The latest United Nations report, published in March 2017, paints a grim picture: Out of a population of 24 million, "an estimated 18 million people are dependent on Government food rations while 10.5 million people are believed to be undernourished. A lack of access to basic services including water and sanitation, as well as a weak health infrastructure further threaten the well-being of the population, particularly young children and pregnant and breastfeeding women.
Even members of Kim's highly touted "one-million man army" are starving; witness the sick and malnourished defector who recently crawled across the DMZ to freedom.
As a result of this widespread and continuing food shortage, starving North Korea peasants are often happy to sell a teenaged daughter -- whom they would have trouble feeding in any event -- to agents who claim that they are recruiting workers for Chinese companies. 
"Your daughter will be given a job in a factory or restaurant," they promise the parents. 
"She will finally have enough to eat."
Older women are also lured across the border on the same promise.
But these "hiring agents" are actually sex traffickers, and what awaits the North Korean girls and women in China is not a real job but either forced marriage or out-and-out sexual slavery
Young girls, especially if they are virgins, are sold to the highest bidder as brides. 
Older women are generally sold to brothels where they are kept under lock and key and forced to work as prostitutes.

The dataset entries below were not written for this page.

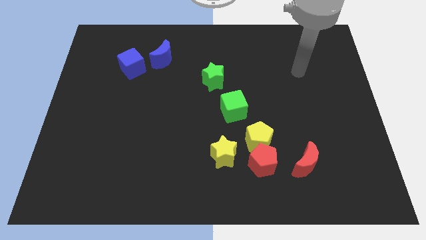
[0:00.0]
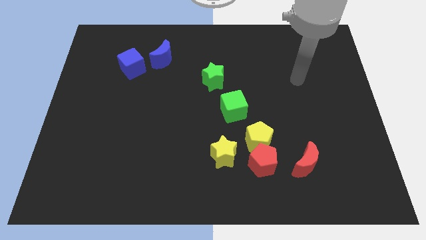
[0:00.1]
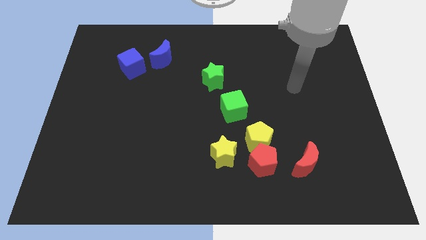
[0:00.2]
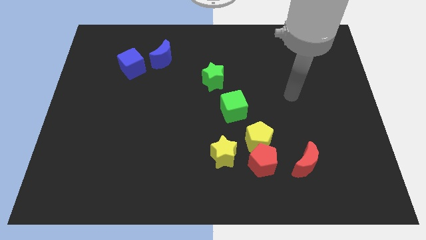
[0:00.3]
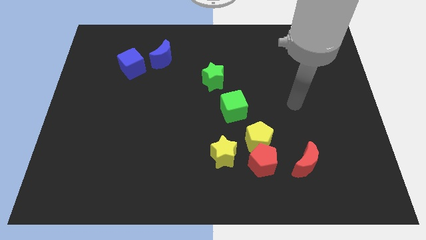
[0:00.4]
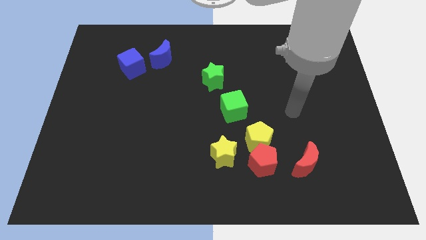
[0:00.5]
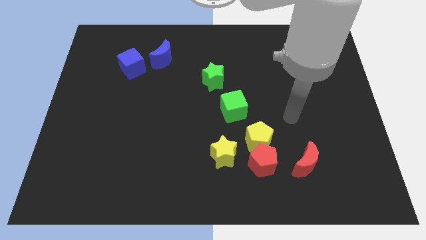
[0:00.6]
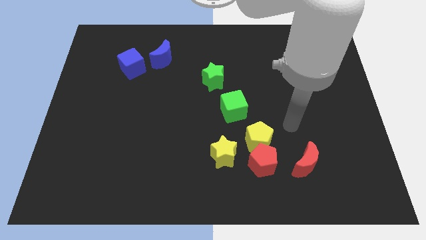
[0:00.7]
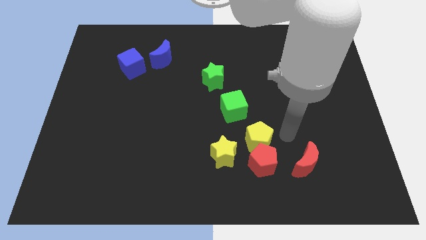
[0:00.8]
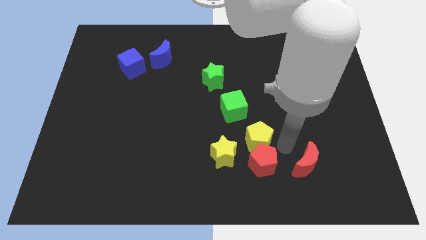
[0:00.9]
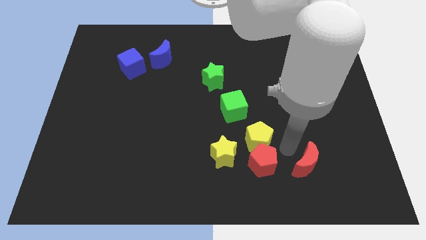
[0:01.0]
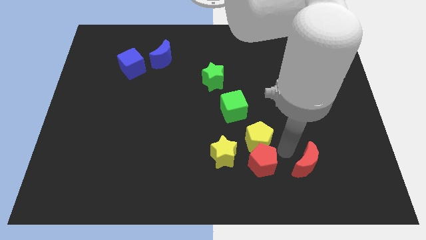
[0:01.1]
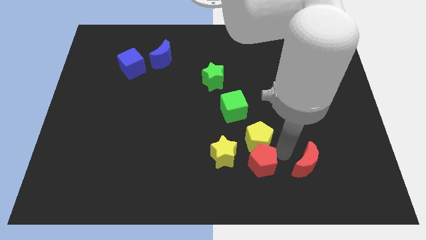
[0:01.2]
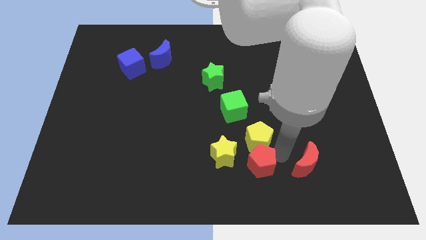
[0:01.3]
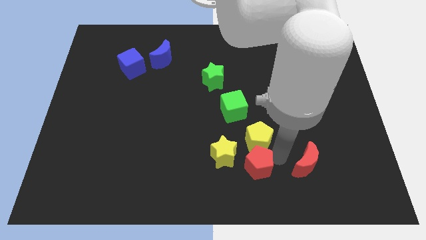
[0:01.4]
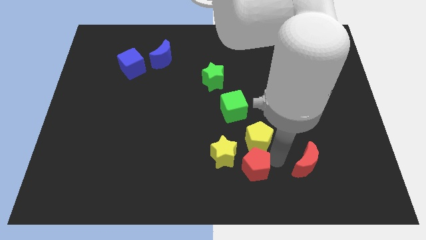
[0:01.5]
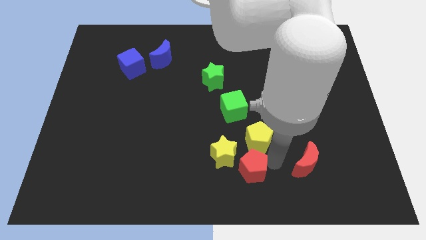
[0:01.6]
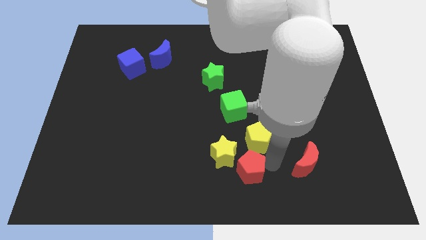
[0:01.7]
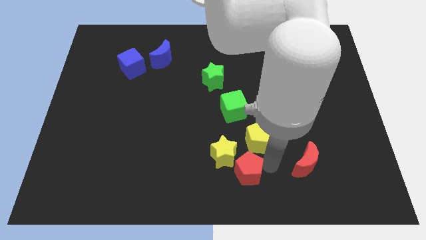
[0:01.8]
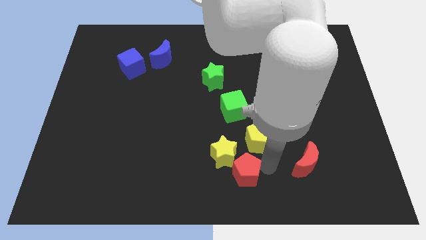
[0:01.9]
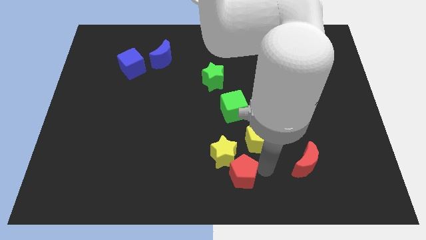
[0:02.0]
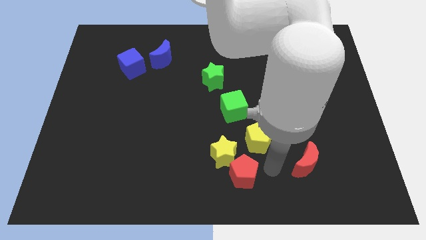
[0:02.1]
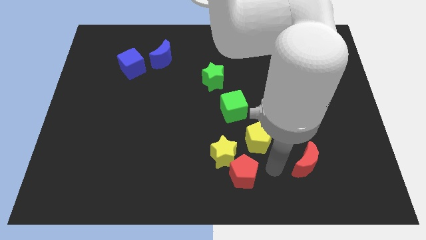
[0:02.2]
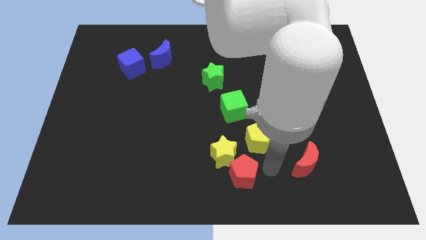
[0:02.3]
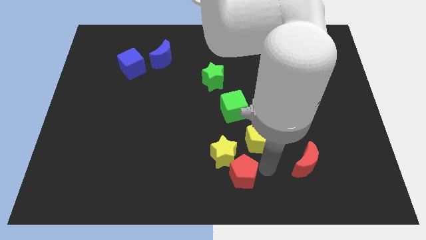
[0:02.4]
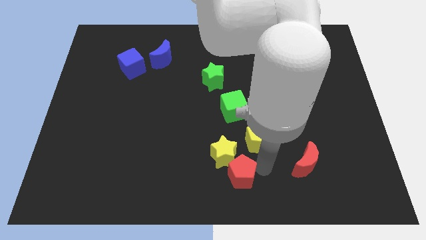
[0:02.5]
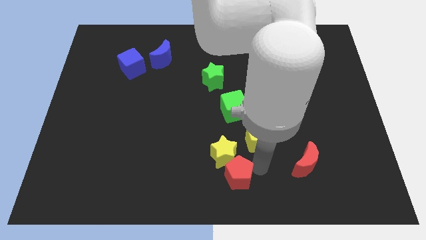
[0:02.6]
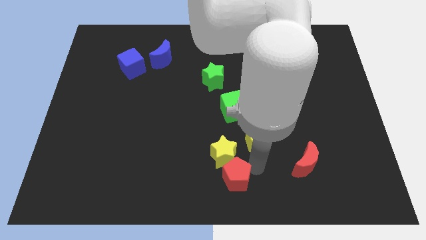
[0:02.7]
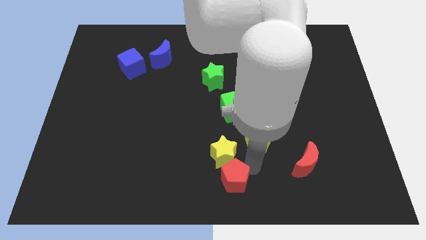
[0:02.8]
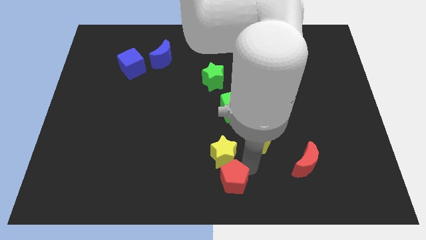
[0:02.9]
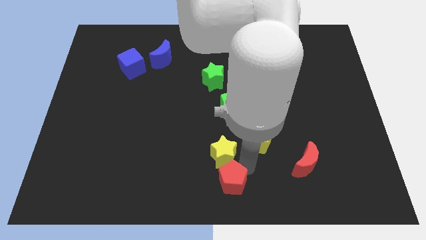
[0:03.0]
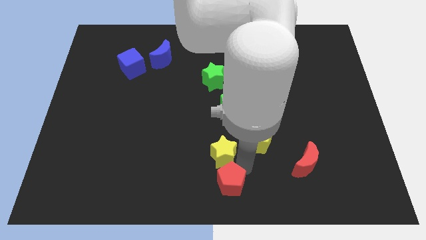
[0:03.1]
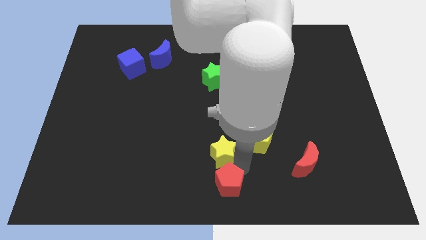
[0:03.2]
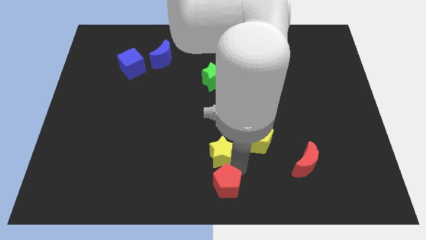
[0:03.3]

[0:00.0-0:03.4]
slightly slide the red pentagon left

It is no wonder that many of them take flight at the first opportunity, paying "snakeheads"--illegal guides -- to lead them safely across China's southern border to Vietnam, Laos, and Thailand. 
From there they can easily travel to South Korea and freedom.
“Historically, the largest influence in female migration from North Korea to China has been sex trafficking and marriages,” said Sokeel Park, the Seoul-based director of research and strategy for Liberty in North Korea, an organization that helps rescue North Korean refugees hiding in China.
Having found their way to freedom, few of these woman will go on record saying that they were forced into prostitution or sold as wives in China. 
But nearly all, as vulnerable women in a country with a superabundance of often predatory males, were sexually abused in some way.